I've posted before, but not in this forum.

Brief summary: Married to a serial cheater. We met when she was married. I was the other man (the first real affair after 3 ONS). She divorced. We married. We had kids. She had multi-year affair with OM#1. She had ONS with OM#2. D-Day about OM#1. She cybersexted with OM#3 and revealed existence of OM#2. D-day #2. She was in the fog and cake-eating. She did trickle truth, blameshifting, the IDLY speech, etc. I asked for divorce. She asked to really reconcile. I agreed.

For the past six months, our relationship has substantially improved. We're friends again. She's not cheating. (Well, it's possible the affair with OM#1 is super-underground, but I don't think she could keep up the level of friendliness she's shown for 6 months if it wasn't genuinely over. Plus, I've been monitoring).

All that said, still no intimacy, emotional or physical. She says she is "optimistic and comfortable." In a sense she's still cake-eating, but not with the affair, just with the co-parenting support.

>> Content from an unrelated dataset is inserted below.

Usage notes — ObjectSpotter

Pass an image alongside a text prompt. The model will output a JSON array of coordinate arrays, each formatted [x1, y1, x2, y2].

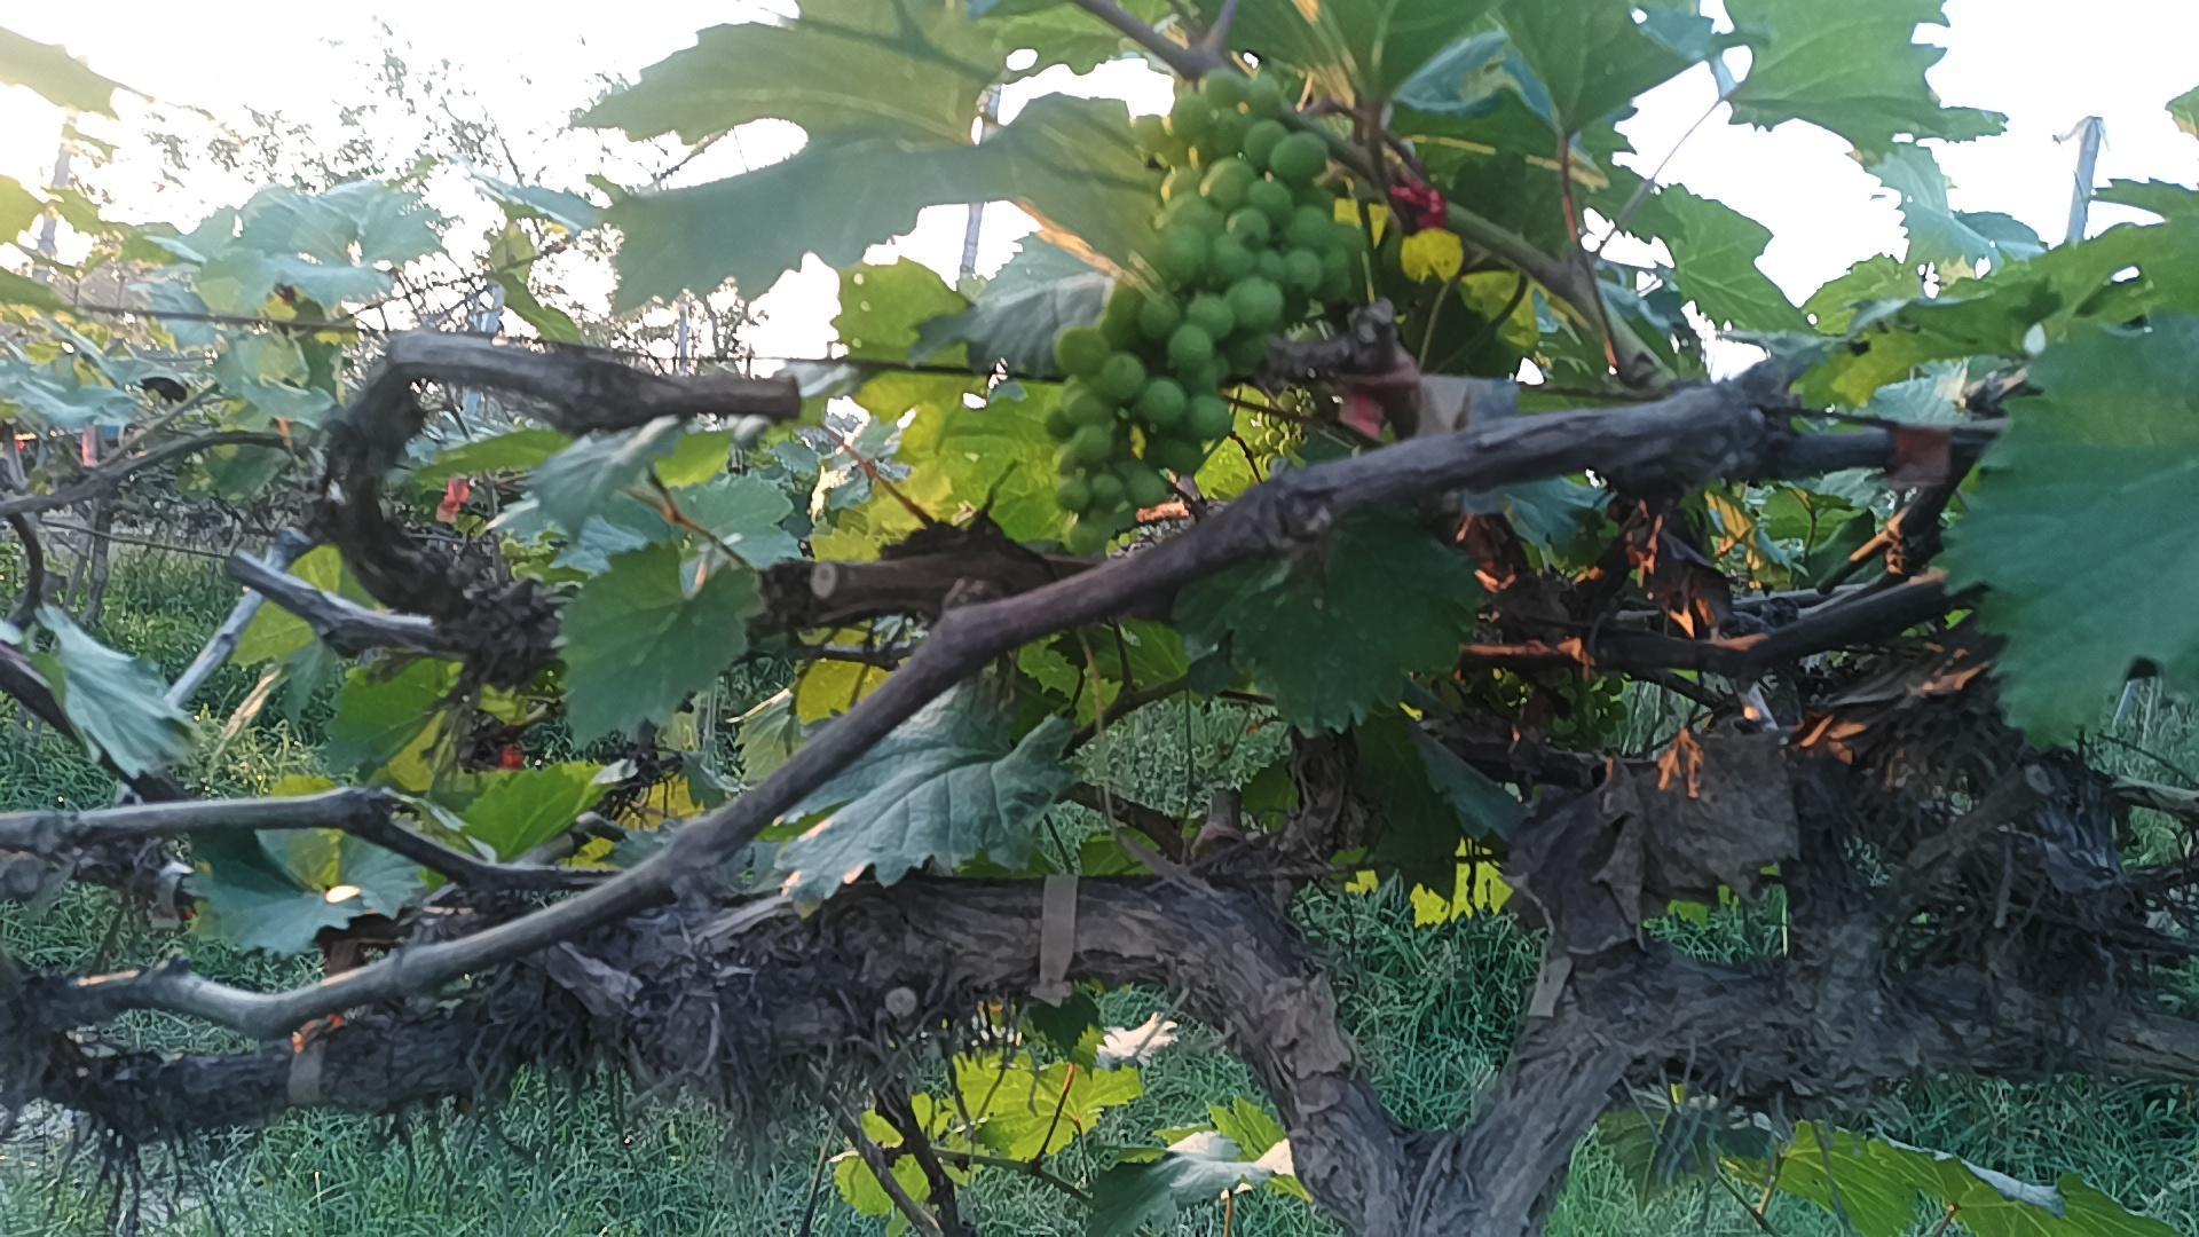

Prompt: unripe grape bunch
[[1042, 70, 1365, 551]]

I've read enough stories here on TAM to know just how many things I've done wrong. I know just what I and others would say if it wasn't me in this mess of a marriage ... give up on a serial cheater, don't beg her to stay. Do the full 180. Just "Let her go". Expose the A to OMW#1.

All that said, we are making progress. We're in a much, much better place, albeit without intimacy.

Why is now, after all that effort and heartbreak on my part to save my family, now that something comfortable is within my grasp, even if it's not the marriage I want, do I so totally not give a ****?

The time to have given up was D-Day. Or the first False R. Or the second False R. Or when she was doing the trick truth or blameshifting or the IDLY speech or a billion other times.

But now, after all this time? Now, I suddenly realize I don't love her anymore? Now, I'm willing to stand up for my emotional needs and my self-respect and say change this or I'm done? 

I feel like a frigging fool, with my emotional core burned to a crisp. Why does my desire to give it all up finally come after we reach a place of relative peace?


----------